* **AIM OF THE TASK**:
Going through the data below, find how many lines include the word "shows", and reply with that number alone.

* **MATERIALS PROVIDED**:
◆ ◆ ◆ ◆
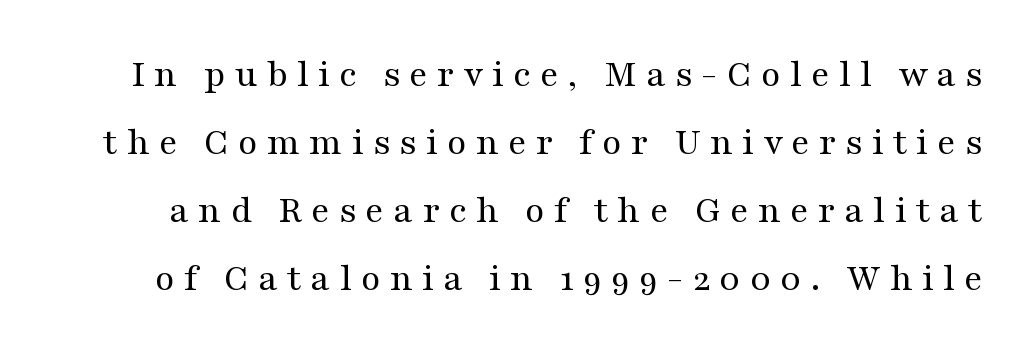
Q: Is the text bold? A: No.
Q: Is the text italic (slanted)? A: No, it is upright.
Q: Is the typeface a serif or a sans-serif typeface? A: Serif.
Q: Is the text underlined? A: No.
Q: Is the spacing between letters normal or unusually wide? A: Unusually wide.
Q: Is the spacing between lines tight, normal or loose? A: Normal.
Q: Width (condensed, normal, or wide)? A: Wide.
Q: Stroke contrast? A: Medium.
Q: x-height? A: Medium.
Q: Monospaced? A: No.
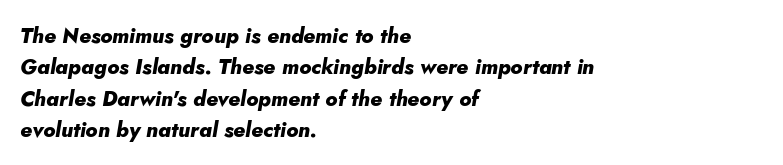
Q: Is the text bold? A: Yes.
Q: Is the text italic (slanted)? A: Yes, it leans right by about 5 degrees.
Q: Is the text underlined? A: No.
Q: How is the paragraph aligned? A: Left-aligned.
Q: Is the spacing between letters normal or unusually wide? A: Normal.
Q: Is the spacing between lines tight, normal or loose? A: Normal.
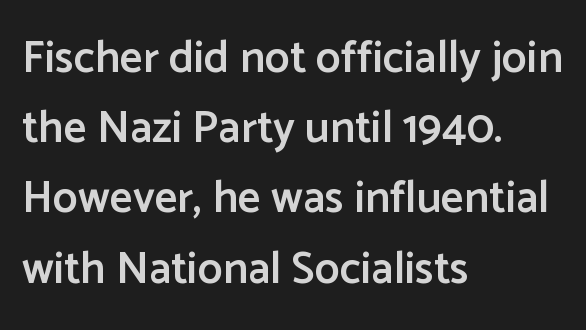
The image shows 45 px semibold sans-serif type, upright; set left-aligned, normal line spacing (1.56x), normal letter spacing, not underlined; low stroke contrast and a medium x-height.
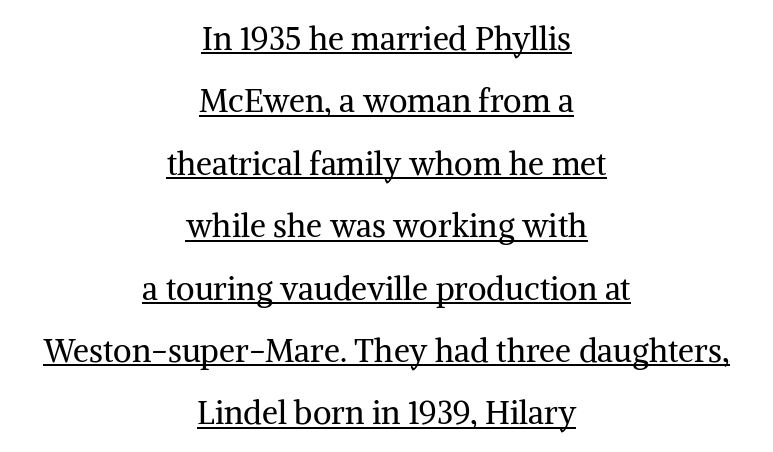
{"serif": "yes", "italic": "no", "bold": "no", "weight": "regular", "width": "normal", "stroke_contrast": "medium", "x_height": "medium", "monospaced": "no", "underline": "yes", "align": "center", "line_spacing": "loose", "line_spacing_ratio": 1.95, "letter_spacing": "normal", "letter_spacing_em": 0.0, "glyph_px": 32}
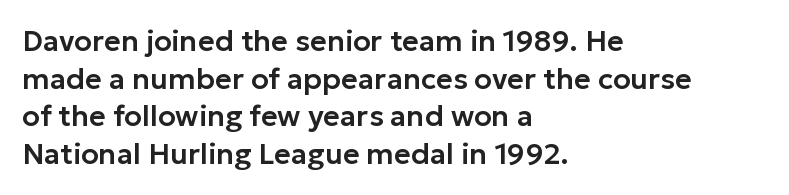
The image shows 29 px sans-serif type, upright; set left-aligned, normal line spacing (1.3x), normal letter spacing, not underlined; low stroke contrast and a medium x-height.
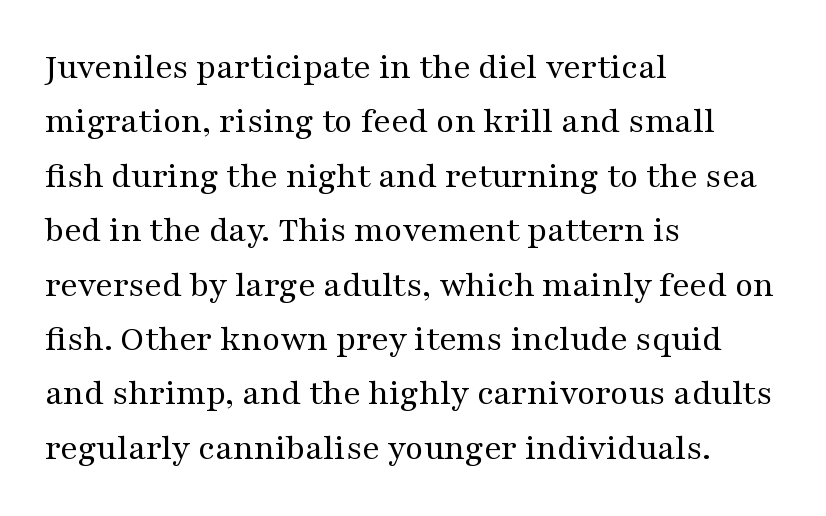
Q: Is the text bold? A: No.
Q: Is the text italic (slanted)? A: No, it is upright.
Q: Is the typeface a serif or a sans-serif typeface? A: Serif.
Q: Is the text underlined? A: No.
Q: How is the paragraph aligned? A: Left-aligned.
Q: Is the spacing between letters normal or unusually wide? A: Normal.
Q: Is the spacing between lines tight, normal or loose? A: Normal.
Q: Width (condensed, normal, or wide)? A: Wide.
Q: Stroke contrast? A: Medium.
Q: x-height? A: Medium.
Q: Monospaced? A: No.
◆ ◆ ◆ ◆
* **ANSWER SECTION**:
2